__Records shown__:
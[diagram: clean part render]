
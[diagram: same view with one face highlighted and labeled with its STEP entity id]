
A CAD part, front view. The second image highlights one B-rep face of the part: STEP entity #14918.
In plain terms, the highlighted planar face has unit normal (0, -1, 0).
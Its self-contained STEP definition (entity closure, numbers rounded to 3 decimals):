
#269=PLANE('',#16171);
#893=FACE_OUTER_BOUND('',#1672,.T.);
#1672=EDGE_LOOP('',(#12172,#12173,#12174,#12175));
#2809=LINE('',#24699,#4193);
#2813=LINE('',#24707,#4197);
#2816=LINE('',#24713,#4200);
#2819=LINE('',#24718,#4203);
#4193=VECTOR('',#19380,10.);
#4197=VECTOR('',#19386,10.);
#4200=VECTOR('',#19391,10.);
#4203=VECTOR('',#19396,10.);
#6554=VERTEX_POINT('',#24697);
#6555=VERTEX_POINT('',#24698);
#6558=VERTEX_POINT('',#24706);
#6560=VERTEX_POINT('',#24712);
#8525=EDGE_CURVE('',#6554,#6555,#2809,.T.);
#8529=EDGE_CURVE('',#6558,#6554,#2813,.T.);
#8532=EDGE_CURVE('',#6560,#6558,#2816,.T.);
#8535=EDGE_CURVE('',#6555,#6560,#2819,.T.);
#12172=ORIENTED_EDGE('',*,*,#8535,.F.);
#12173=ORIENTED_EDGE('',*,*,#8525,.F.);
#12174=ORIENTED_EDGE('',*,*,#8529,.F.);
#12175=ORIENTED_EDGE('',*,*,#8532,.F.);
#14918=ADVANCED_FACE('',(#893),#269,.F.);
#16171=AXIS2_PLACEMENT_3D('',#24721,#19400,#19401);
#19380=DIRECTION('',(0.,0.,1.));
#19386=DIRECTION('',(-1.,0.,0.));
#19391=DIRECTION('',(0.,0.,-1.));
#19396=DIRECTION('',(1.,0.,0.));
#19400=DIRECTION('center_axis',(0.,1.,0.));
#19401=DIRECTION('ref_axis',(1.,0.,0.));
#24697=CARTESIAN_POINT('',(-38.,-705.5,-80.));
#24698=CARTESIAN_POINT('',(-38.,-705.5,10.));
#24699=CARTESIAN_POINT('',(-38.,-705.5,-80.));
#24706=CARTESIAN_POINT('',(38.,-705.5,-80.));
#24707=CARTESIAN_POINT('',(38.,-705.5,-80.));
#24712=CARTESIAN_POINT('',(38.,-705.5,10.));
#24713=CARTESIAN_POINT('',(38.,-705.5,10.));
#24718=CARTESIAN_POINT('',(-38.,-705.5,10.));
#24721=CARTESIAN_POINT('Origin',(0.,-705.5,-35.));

__What is being asked__: Only the lines from the one containing "#4200=VECTOR('',#19391,10.);" through the one containing "#8529=EDGE_CURVE('',#6558,#6554,#2813,.T.);" are to be retyped, both boundary lines included, with no other material.

__Output for this task__:
#4200=VECTOR('',#19391,10.);
#4203=VECTOR('',#19396,10.);
#6554=VERTEX_POINT('',#24697);
#6555=VERTEX_POINT('',#24698);
#6558=VERTEX_POINT('',#24706);
#6560=VERTEX_POINT('',#24712);
#8525=EDGE_CURVE('',#6554,#6555,#2809,.T.);
#8529=EDGE_CURVE('',#6558,#6554,#2813,.T.);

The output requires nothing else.